What is expected — Beginning with the line that holds "Modality: FA" and ending with the last line below, please copy every line exactly, add nothing, and leave out the pictures.

Dataset extract —
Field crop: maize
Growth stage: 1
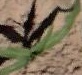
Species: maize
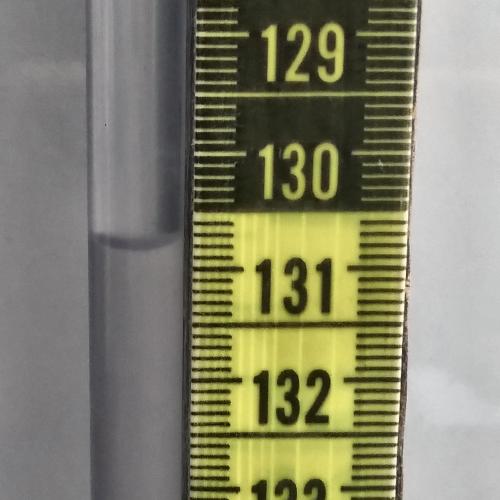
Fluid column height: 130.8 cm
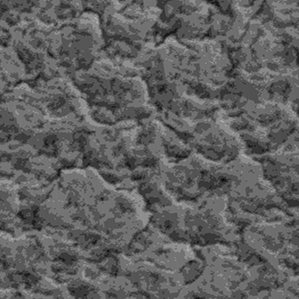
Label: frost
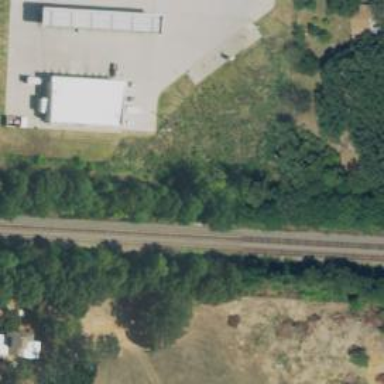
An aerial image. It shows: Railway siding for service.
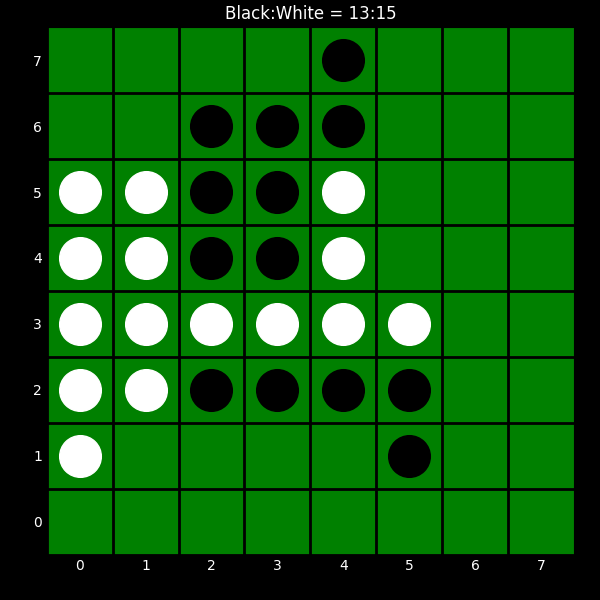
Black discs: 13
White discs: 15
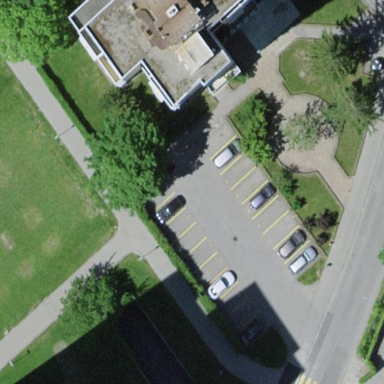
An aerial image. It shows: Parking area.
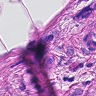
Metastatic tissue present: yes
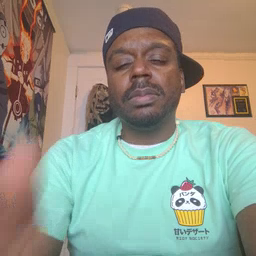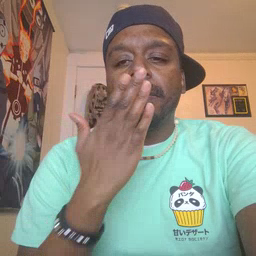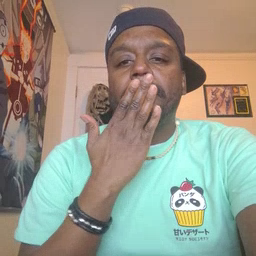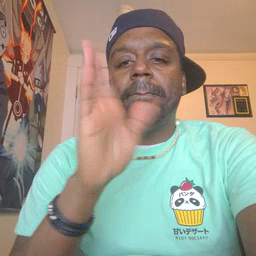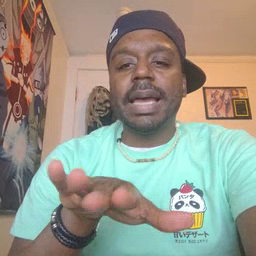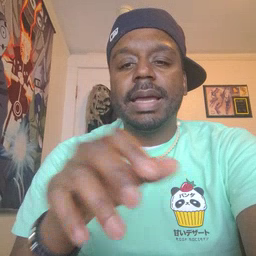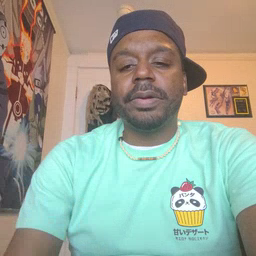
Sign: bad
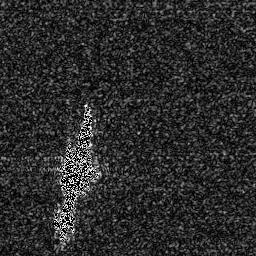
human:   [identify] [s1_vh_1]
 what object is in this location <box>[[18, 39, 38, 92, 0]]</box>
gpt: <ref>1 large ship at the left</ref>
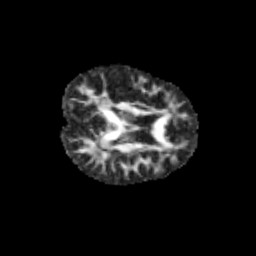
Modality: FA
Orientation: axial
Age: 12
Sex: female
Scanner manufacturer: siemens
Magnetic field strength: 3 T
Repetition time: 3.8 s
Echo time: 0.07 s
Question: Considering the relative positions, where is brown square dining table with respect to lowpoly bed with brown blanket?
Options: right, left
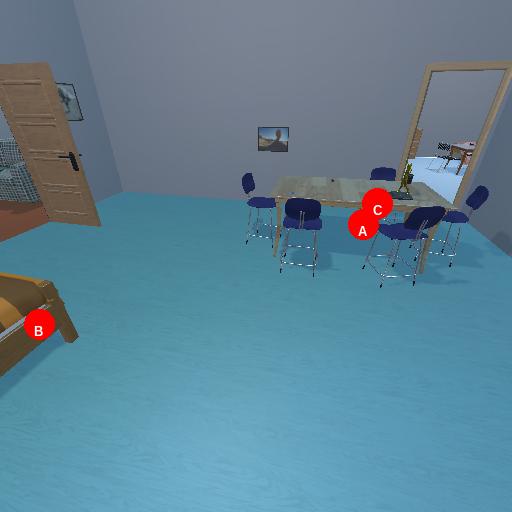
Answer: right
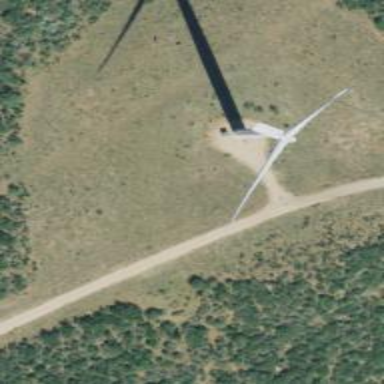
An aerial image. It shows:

Output of the exercise —
Modality: FA
Orientation: axial
Age: 12
Sex: female
Scanner manufacturer: siemens
Magnetic field strength: 3 T
Repetition time: 3.8 s
Echo time: 0.07 s
Question: Considering the relative positions, where is brown square dining table with respect to lowpoly bed with brown blanket?
Options: right, left
Answer: right
An aerial image. It shows:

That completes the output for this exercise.